We performed a comparison between Databricks and Google Cloud Datalab based on real PeerSpot user reviews.
Find out in this report how the two Data Science Platforms solutions compare in terms of features, pricing, service and support, easy of deployment, and ROI."Databricks' Lakehouse architecture has been most useful for us. The data governance has been absolutely efficient in between other kinds of solutions."
"We like that this solution can handle a wide variety and velocity of data engineering, either in batch mode or real-time."
"I like how easy it is to share your notebook with others. You can give people permission to read or edit. I think that's a great feature. You can also pull in code from GitHub pretty easily.
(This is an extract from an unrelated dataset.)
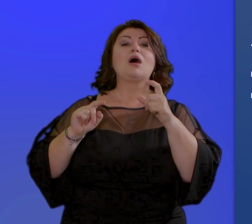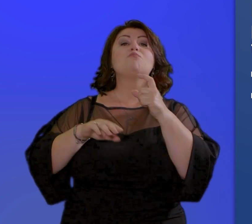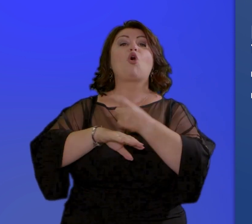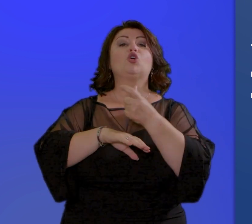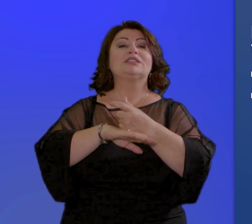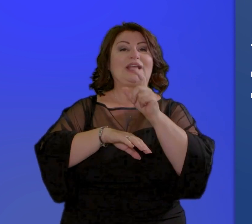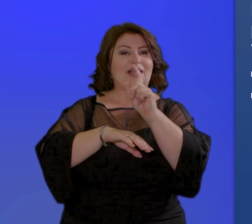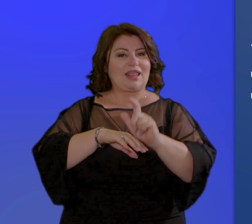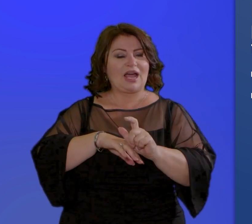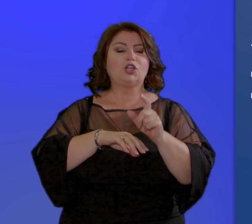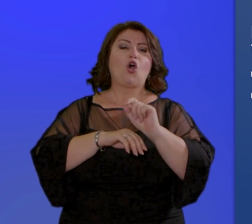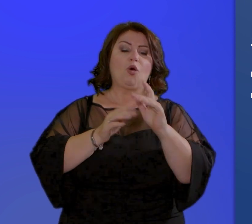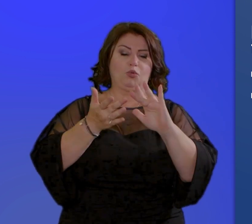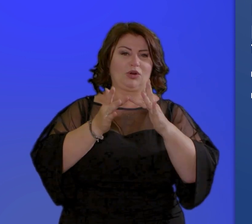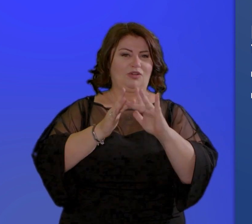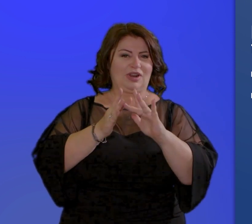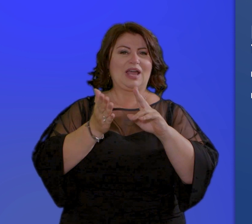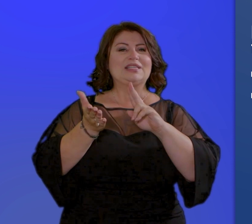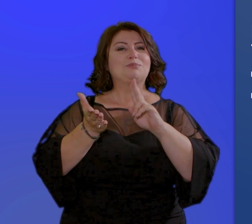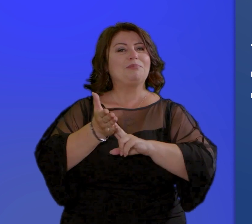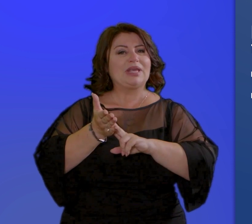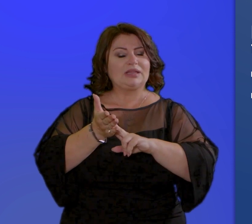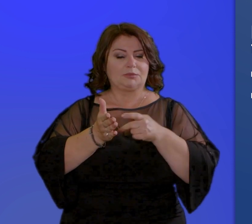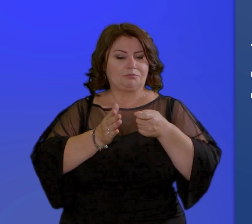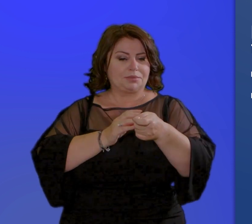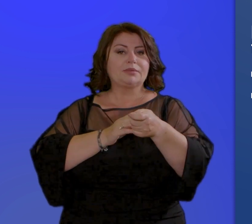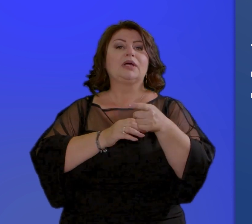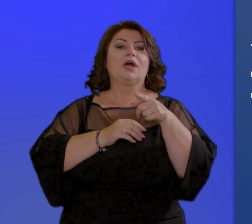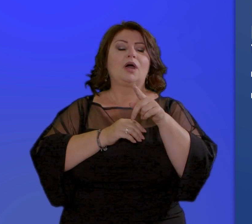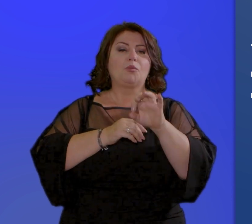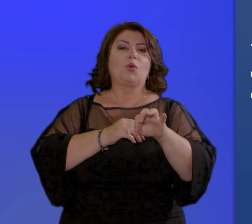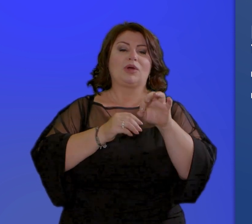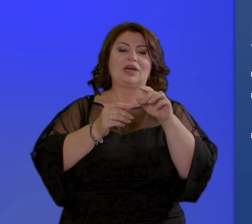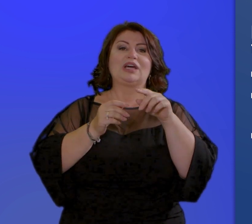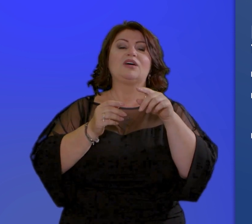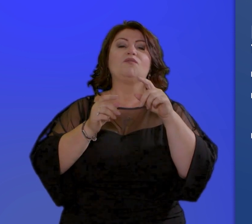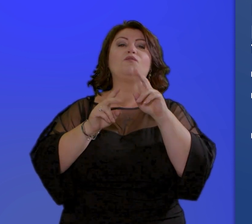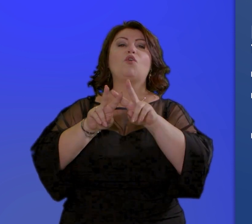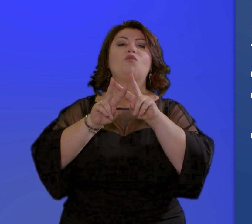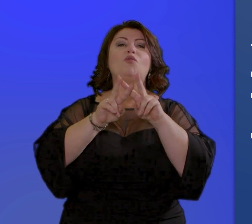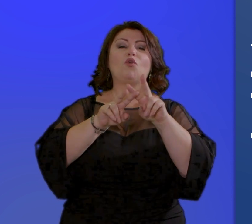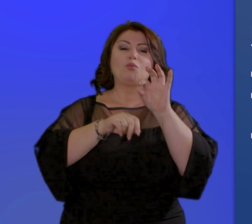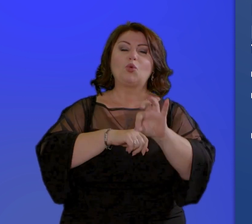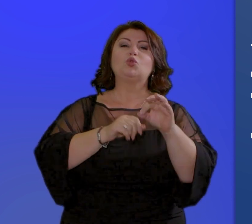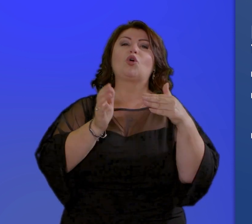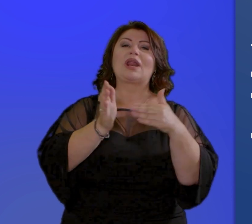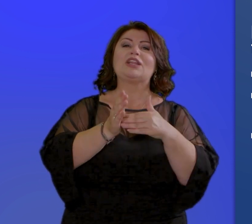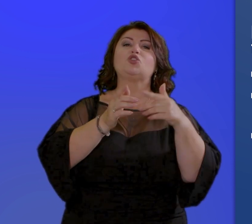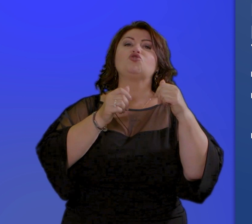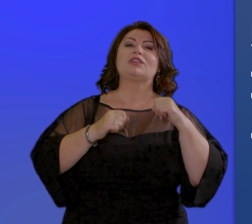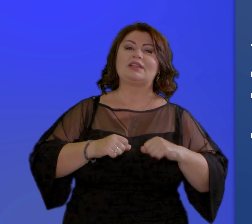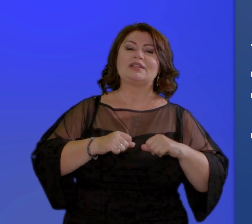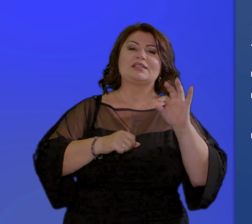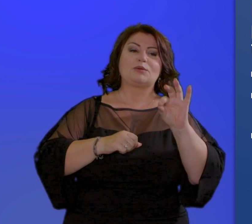www.redditodicittadinanza.gov.it presso i centri autorizzati di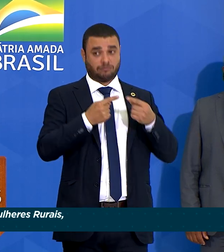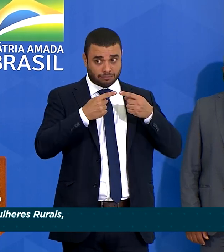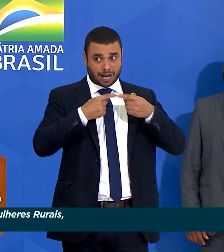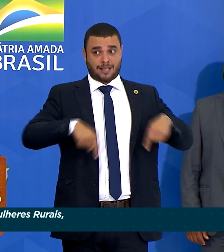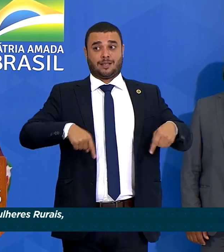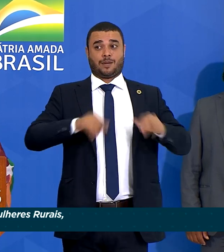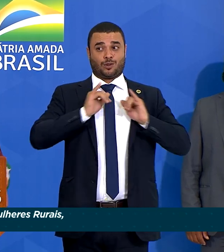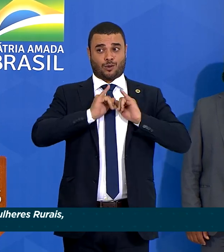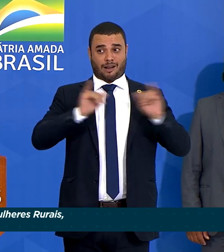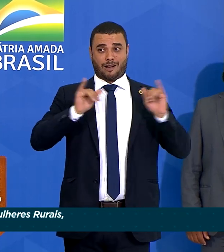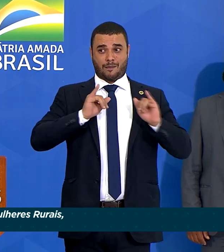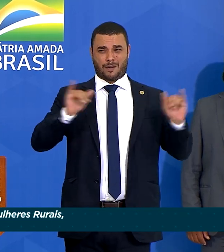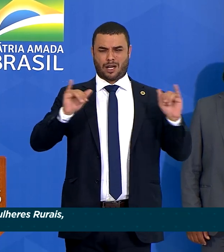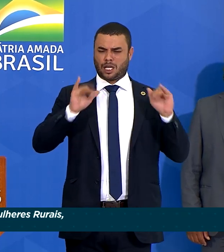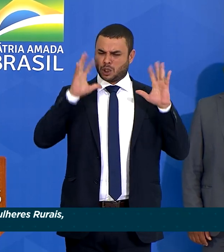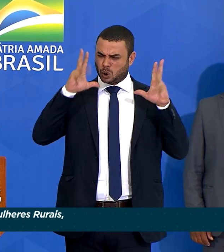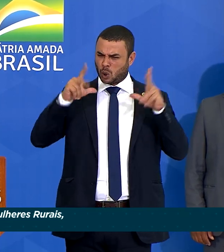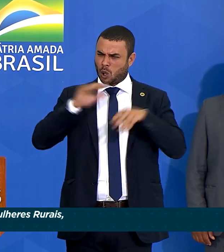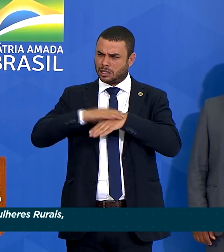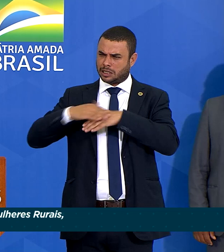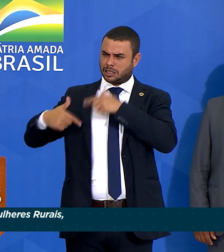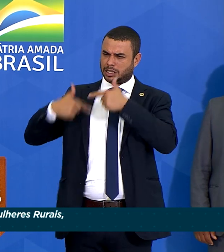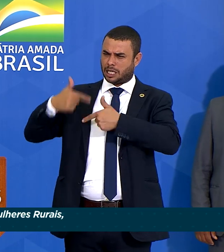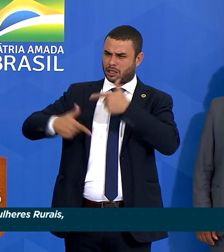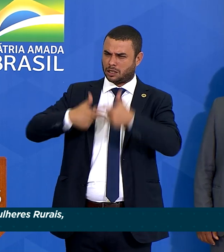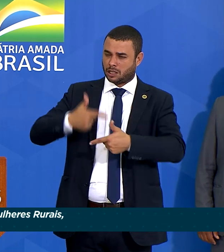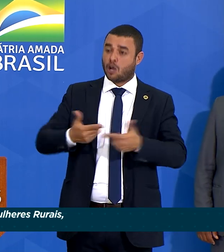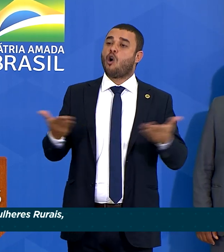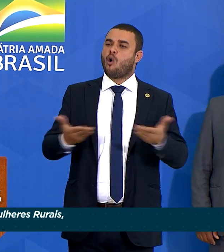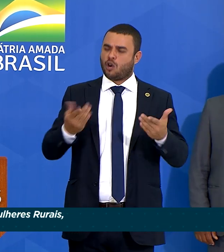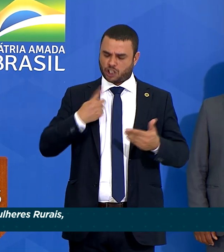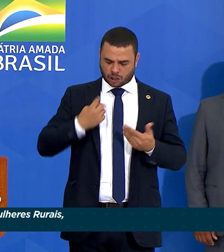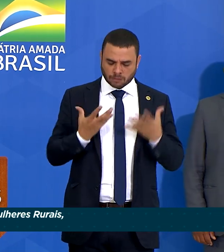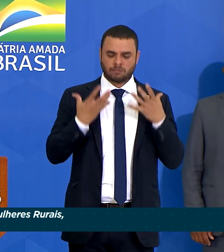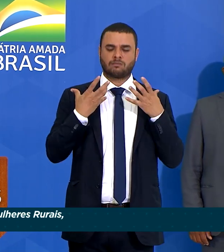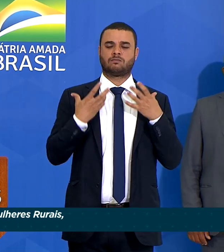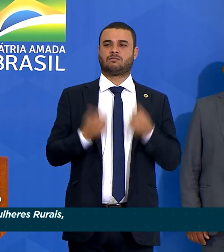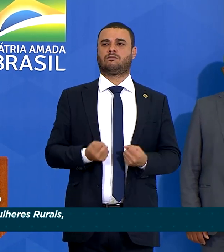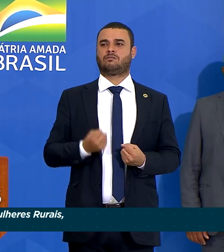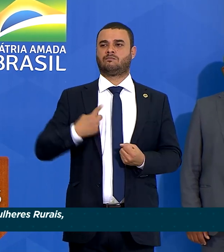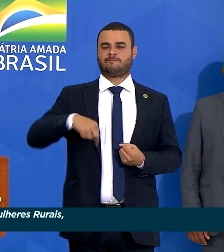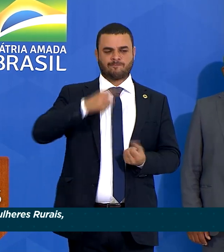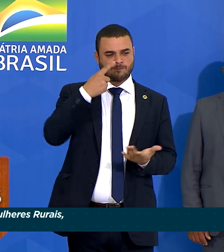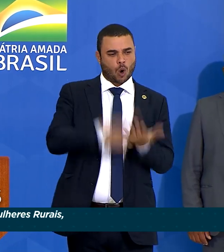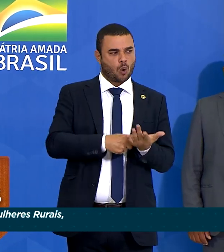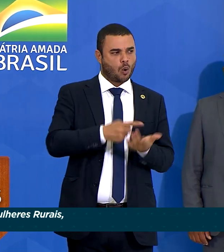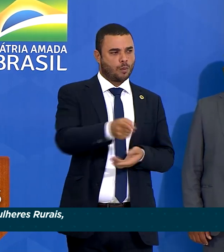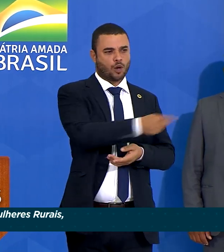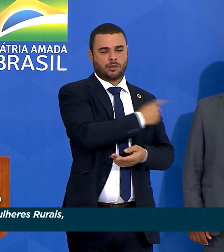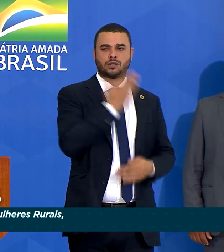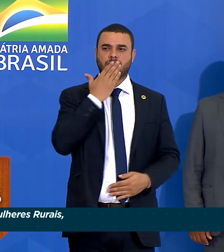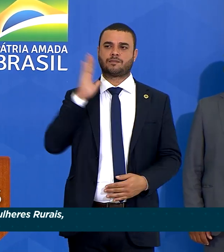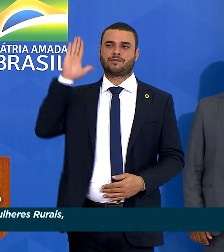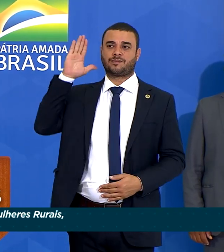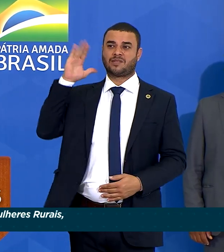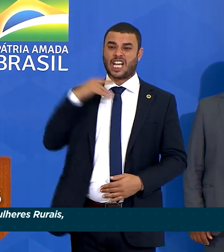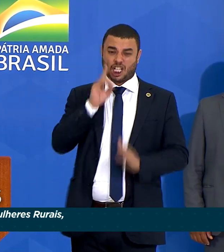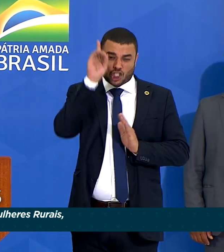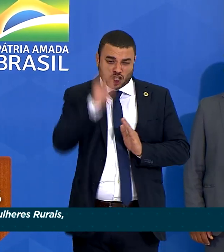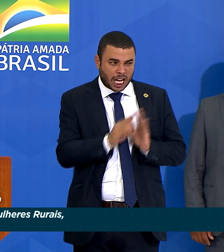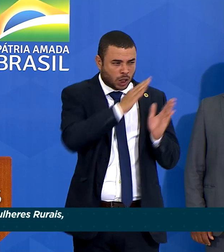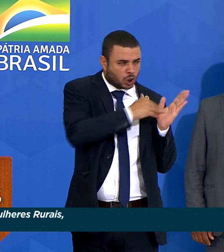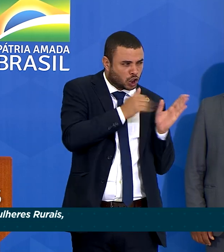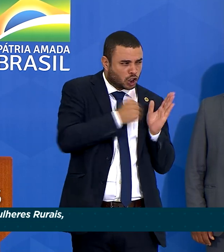de tudo que já estamos fazendo. E hoje estamos assumindo um compromisso. Nenhum direito a menos para

I didn't use it that often, but I think that's a cool feature."
"We are completely satisfied with the ease of connecting to different sources of data or pocket files in the search"
"When we have a huge volume of data that we want to process with speed, velocity, and volume, we go through Databricks."
"The initial setup phase of Databricks was good."
"The solution is very simple and stable."
"Databricks gives us the ability to build a lakehouse framework and do everything implicit to this type of database structure. We also like the ability to stream events. Databricks covers a broad spectrum, from reporting and machine learning to streaming events. It's important for us to have all these features in one platform."
"The infrastructure is highly reliable and efficient, contributing to a positive experience."
"Google Cloud Datalab is very customizable."
"The APIs are valuable."
"In MLOps, when we are designing the data pipeline, the designing of the data pipeline is easy in Google Cloud."
"All of the features of this product are quite good."
"I would like more integration with SQL for using data in different workspaces."
"Generative AI is catching up in areas like data governance and enterprise flavor. Hence, these are places where Databricks has to be faster."
"If I want to create a Databricks account, I need to have a prior cloud account such as an AWS account or an Azure account. Only then can I create a Databricks account on the cloud. However, if they can make it so that I can still try Databricks even if I don't have a cloud account on AWS and Azure, it would be great. That is, it would be nice if it were possible to create a pseudo account and be provided with a free trial. It is very essential to creating a workforce on Databricks. For example, students or corporate staff can then explore and learn Databricks."
"A lot of people are required to manage this solution."
"It would be great if Databricks could integrate all the cloud platforms."
"Pricing is one of the things that could be improved."
"There is room for improvement in visualization."
"There should be better integration with other platforms."
"We have also encountered challenges during our transition period in terms of data control and segmentation. The management of each channel and data structure as it has its own unique characteristics requires very detailed and precise control. The allocation should be appropriate and the complexity increases due to the different time zones and geographic locations of our clients. The process usually involves migrating the existing database sets to gcp and ensure data integrity is maintained. This is the only challenge that we faced while navigating the integers of the solution and honestly it was an interesting and unique experience."
"The interface should be more user-friendly."
"There is room for improvement in the graphical user interface. So that the initial user would use it properly, that would be a good option."
"The product must be made more user-friendly."
"Connectivity challenges for end-users, particularly when loading data, environments, and libraries, need to be addressed for an enhanced user experience."
Databricks is ranked 1st in Data Science Platforms with 78 reviews while Google Cloud Datalab is ranked 15th in Data Science Platforms with 5 reviews. Databricks is rated 8.2, while Google Cloud Datalab is rated 7.6. The top reviewer of Databricks writes "A nice interface with good features for turning off clusters to save on computing". On the other hand, the top reviewer of Google Cloud Datalab writes "Easy to setup, stable and easy to design data pipelines". Databricks is most compared with Amazon SageMaker, Informatica PowerCenter, Dataiku, Microsoft Azure Machine Learning Studio and Dremio, whereas Google Cloud Datalab is most compared with IBM SPSS Statistics, Cloudera Data Science Workbench, KNIME, Qlik Sense and Microsoft Azure Machine Learning Studio. See our Databricks vs. Google Cloud Datalab report.
See our list of best Data Science Platforms vendors.
We monitor all Data Science Platforms reviews to prevent fraudulent reviews and keep review quality high. We do not post reviews by company employees or direct competitors. We validate each review for authenticity via cross-reference with LinkedIn, and personal follow-up with the reviewer when necessary.